-- Work to complete --
Each record below should be set down exactly.

------------------------------------

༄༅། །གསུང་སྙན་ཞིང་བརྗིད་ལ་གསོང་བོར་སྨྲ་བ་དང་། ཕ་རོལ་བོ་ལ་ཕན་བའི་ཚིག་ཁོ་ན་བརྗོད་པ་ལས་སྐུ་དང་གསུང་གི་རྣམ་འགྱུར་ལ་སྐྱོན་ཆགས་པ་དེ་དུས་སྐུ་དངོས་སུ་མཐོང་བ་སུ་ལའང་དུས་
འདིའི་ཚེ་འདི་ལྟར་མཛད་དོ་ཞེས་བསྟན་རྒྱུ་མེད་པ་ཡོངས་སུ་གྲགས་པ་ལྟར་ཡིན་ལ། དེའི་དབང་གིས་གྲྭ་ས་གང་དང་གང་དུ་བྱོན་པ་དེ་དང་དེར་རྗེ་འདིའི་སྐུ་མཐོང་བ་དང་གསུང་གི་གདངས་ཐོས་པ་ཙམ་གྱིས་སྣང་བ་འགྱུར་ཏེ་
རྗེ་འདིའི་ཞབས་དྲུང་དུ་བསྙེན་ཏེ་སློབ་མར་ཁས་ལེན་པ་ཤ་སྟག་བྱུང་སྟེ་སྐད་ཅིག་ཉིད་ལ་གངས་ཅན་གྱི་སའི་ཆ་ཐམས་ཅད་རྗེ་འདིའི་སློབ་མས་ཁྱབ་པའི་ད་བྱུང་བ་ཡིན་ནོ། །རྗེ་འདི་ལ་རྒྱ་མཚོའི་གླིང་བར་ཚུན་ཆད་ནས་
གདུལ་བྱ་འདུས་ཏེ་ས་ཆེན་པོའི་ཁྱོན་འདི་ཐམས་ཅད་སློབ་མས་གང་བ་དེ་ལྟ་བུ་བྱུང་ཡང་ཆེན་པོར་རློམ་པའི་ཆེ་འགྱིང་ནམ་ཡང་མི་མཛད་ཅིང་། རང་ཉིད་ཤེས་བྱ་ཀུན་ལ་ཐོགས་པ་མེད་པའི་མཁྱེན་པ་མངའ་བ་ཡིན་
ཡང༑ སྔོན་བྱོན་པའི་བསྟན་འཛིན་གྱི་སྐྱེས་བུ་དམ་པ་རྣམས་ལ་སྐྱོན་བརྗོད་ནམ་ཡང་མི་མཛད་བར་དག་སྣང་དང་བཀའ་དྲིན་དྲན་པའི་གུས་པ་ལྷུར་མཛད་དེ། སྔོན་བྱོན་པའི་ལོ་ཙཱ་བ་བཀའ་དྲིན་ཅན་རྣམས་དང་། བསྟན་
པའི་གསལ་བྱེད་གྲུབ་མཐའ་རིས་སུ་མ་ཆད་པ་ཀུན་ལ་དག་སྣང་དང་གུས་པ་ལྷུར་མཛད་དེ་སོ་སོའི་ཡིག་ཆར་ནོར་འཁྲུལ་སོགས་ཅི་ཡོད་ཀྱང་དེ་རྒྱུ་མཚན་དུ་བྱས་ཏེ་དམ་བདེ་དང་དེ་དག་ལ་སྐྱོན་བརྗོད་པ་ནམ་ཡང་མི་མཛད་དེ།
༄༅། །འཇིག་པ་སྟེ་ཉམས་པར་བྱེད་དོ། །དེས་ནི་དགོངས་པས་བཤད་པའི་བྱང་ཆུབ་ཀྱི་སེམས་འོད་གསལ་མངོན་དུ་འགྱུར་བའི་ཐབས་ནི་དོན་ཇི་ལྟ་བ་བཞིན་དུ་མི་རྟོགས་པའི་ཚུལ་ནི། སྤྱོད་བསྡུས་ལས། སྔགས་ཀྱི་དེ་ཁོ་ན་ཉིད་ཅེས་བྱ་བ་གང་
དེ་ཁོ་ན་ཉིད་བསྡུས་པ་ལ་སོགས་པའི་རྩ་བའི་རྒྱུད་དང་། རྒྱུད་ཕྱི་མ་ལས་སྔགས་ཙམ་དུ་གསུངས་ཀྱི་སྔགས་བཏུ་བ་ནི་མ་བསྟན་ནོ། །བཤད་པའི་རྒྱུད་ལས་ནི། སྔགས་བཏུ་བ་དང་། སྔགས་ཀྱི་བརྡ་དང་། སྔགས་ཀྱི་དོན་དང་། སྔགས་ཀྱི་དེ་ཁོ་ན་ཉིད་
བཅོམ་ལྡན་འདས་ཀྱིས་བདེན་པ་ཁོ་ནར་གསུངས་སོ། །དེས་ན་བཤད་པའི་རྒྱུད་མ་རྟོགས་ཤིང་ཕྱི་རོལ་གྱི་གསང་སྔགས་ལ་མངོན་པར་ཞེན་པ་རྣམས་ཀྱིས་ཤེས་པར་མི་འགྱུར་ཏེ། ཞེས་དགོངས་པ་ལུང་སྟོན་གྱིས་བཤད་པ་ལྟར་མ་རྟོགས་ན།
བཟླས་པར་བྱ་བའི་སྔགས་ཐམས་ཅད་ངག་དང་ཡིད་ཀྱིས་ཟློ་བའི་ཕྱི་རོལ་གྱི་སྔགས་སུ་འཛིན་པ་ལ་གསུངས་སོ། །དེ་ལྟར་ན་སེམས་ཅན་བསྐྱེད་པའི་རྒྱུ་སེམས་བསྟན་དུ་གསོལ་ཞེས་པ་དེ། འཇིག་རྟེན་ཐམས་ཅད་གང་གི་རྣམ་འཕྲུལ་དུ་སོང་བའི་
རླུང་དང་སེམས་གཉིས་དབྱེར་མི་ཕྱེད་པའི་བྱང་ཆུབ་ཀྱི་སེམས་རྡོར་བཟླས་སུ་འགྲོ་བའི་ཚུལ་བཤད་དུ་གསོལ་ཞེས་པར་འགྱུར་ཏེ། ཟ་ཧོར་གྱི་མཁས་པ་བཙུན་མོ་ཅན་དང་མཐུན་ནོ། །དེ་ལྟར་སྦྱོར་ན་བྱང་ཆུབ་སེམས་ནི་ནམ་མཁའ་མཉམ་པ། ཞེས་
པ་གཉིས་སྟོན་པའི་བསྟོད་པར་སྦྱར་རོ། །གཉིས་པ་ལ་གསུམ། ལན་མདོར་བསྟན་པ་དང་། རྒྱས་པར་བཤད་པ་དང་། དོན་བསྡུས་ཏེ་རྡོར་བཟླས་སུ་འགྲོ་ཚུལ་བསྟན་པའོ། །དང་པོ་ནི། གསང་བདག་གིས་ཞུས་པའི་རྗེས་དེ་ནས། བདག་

------------------------------------

-- Result of this task --
༄༅། །གསུང་སྙན་ཞིང་བརྗིད་ལ་གསོང་བོར་སྨྲ་བ་དང་། ཕ་རོལ་བོ་ལ་ཕན་བའི་ཚིག་ཁོ་ན་བརྗོད་པ་ལས་སྐུ་དང་གསུང་གི་རྣམ་འགྱུར་ལ་སྐྱོན་ཆགས་པ་དེ་དུས་སྐུ་དངོས་སུ་མཐོང་བ་སུ་ལའང་དུས་
འདིའི་ཚེ་འདི་ལྟར་མཛད་དོ་ཞེས་བསྟན་རྒྱུ་མེད་པ་ཡོངས་སུ་གྲགས་པ་ལྟར་ཡིན་ལ། དེའི་དབང་གིས་གྲྭ་ས་གང་དང་གང་དུ་བྱོན་པ་དེ་དང་དེར་རྗེ་འདིའི་སྐུ་མཐོང་བ་དང་གསུང་གི་གདངས་ཐོས་པ་ཙམ་གྱིས་སྣང་བ་འགྱུར་ཏེ་
རྗེ་འདིའི་ཞབས་དྲུང་དུ་བསྙེན་ཏེ་སློབ་མར་ཁས་ལེན་པ་ཤ་སྟག་བྱུང་སྟེ་སྐད་ཅིག་ཉིད་ལ་གངས་ཅན་གྱི་སའི་ཆ་ཐམས་ཅད་རྗེ་འདིའི་སློབ་མས་ཁྱབ་པའི་ད་བྱུང་བ་ཡིན་ནོ། །རྗེ་འདི་ལ་རྒྱ་མཚོའི་གླིང་བར་ཚུན་ཆད་ནས་
གདུལ་བྱ་འདུས་ཏེ་ས་ཆེན་པོའི་ཁྱོན་འདི་ཐམས་ཅད་སློབ་མས་གང་བ་དེ་ལྟ་བུ་བྱུང་ཡང་ཆེན་པོར་རློམ་པའི་ཆེ་འགྱིང་ནམ་ཡང་མི་མཛད་ཅིང་། རང་ཉིད་ཤེས་བྱ་ཀུན་ལ་ཐོགས་པ་མེད་པའི་མཁྱེན་པ་མངའ་བ་ཡིན་
ཡང༑ སྔོན་བྱོན་པའི་བསྟན་འཛིན་གྱི་སྐྱེས་བུ་དམ་པ་རྣམས་ལ་སྐྱོན་བརྗོད་ནམ་ཡང་མི་མཛད་བར་དག་སྣང་དང་བཀའ་དྲིན་དྲན་པའི་གུས་པ་ལྷུར་མཛད་དེ། སྔོན་བྱོན་པའི་ལོ་ཙཱ་བ་བཀའ་དྲིན་ཅན་རྣམས་དང་། བསྟན་
པའི་གསལ་བྱེད་གྲུབ་མཐའ་རིས་སུ་མ་ཆད་པ་ཀུན་ལ་དག་སྣང་དང་གུས་པ་ལྷུར་མཛད་དེ་སོ་སོའི་ཡིག་ཆར་ནོར་འཁྲུལ་སོགས་ཅི་ཡོད་ཀྱང་དེ་རྒྱུ་མཚན་དུ་བྱས་ཏེ་དམ་བདེ་དང་དེ་དག་ལ་སྐྱོན་བརྗོད་པ་ནམ་ཡང་མི་མཛད་དེ།
༄༅། །འཇིག་པ་སྟེ་ཉམས་པར་བྱེད་དོ། །དེས་ནི་དགོངས་པས་བཤད་པའི་བྱང་ཆུབ་ཀྱི་སེམས་འོད་གསལ་མངོན་དུ་འགྱུར་བའི་ཐབས་ནི་དོན་ཇི་ལྟ་བ་བཞིན་དུ་མི་རྟོགས་པའི་ཚུལ་ནི། སྤྱོད་བསྡུས་ལས། སྔགས་ཀྱི་དེ་ཁོ་ན་ཉིད་ཅེས་བྱ་བ་གང་
དེ་ཁོ་ན་ཉིད་བསྡུས་པ་ལ་སོགས་པའི་རྩ་བའི་རྒྱུད་དང་། རྒྱུད་ཕྱི་མ་ལས་སྔགས་ཙམ་དུ་གསུངས་ཀྱི་སྔགས་བཏུ་བ་ནི་མ་བསྟན་ནོ། །བཤད་པའི་རྒྱུད་ལས་ནི། སྔགས་བཏུ་བ་དང་། སྔགས་ཀྱི་བརྡ་དང་། སྔགས་ཀྱི་དོན་དང་། སྔགས་ཀྱི་དེ་ཁོ་ན་ཉིད་
བཅོམ་ལྡན་འདས་ཀྱིས་བདེན་པ་ཁོ་ནར་གསུངས་སོ། །དེས་ན་བཤད་པའི་རྒྱུད་མ་རྟོགས་ཤིང་ཕྱི་རོལ་གྱི་གསང་སྔགས་ལ་མངོན་པར་ཞེན་པ་རྣམས་ཀྱིས་ཤེས་པར་མི་འགྱུར་ཏེ། ཞེས་དགོངས་པ་ལུང་སྟོན་གྱིས་བཤད་པ་ལྟར་མ་རྟོགས་ན།
བཟླས་པར་བྱ་བའི་སྔགས་ཐམས་ཅད་ངག་དང་ཡིད་ཀྱིས་ཟློ་བའི་ཕྱི་རོལ་གྱི་སྔགས་སུ་འཛིན་པ་ལ་གསུངས་སོ། །དེ་ལྟར་ན་སེམས་ཅན་བསྐྱེད་པའི་རྒྱུ་སེམས་བསྟན་དུ་གསོལ་ཞེས་པ་དེ། འཇིག་རྟེན་ཐམས་ཅད་གང་གི་རྣམ་འཕྲུལ་དུ་སོང་བའི་
རླུང་དང་སེམས་གཉིས་དབྱེར་མི་ཕྱེད་པའི་བྱང་ཆུབ་ཀྱི་སེམས་རྡོར་བཟླས་སུ་འགྲོ་བའི་ཚུལ་བཤད་དུ་གསོལ་ཞེས་པར་འགྱུར་ཏེ། ཟ་ཧོར་གྱི་མཁས་པ་བཙུན་མོ་ཅན་དང་མཐུན་ནོ། །དེ་ལྟར་སྦྱོར་ན་བྱང་ཆུབ་སེམས་ནི་ནམ་མཁའ་མཉམ་པ། ཞེས་
པ་གཉིས་སྟོན་པའི་བསྟོད་པར་སྦྱར་རོ། །གཉིས་པ་ལ་གསུམ། ལན་མདོར་བསྟན་པ་དང་། རྒྱས་པར་བཤད་པ་དང་། དོན་བསྡུས་ཏེ་རྡོར་བཟླས་སུ་འགྲོ་ཚུལ་བསྟན་པའོ། །དང་པོ་ནི། གསང་བདག་གིས་ཞུས་པའི་རྗེས་དེ་ནས། བདག་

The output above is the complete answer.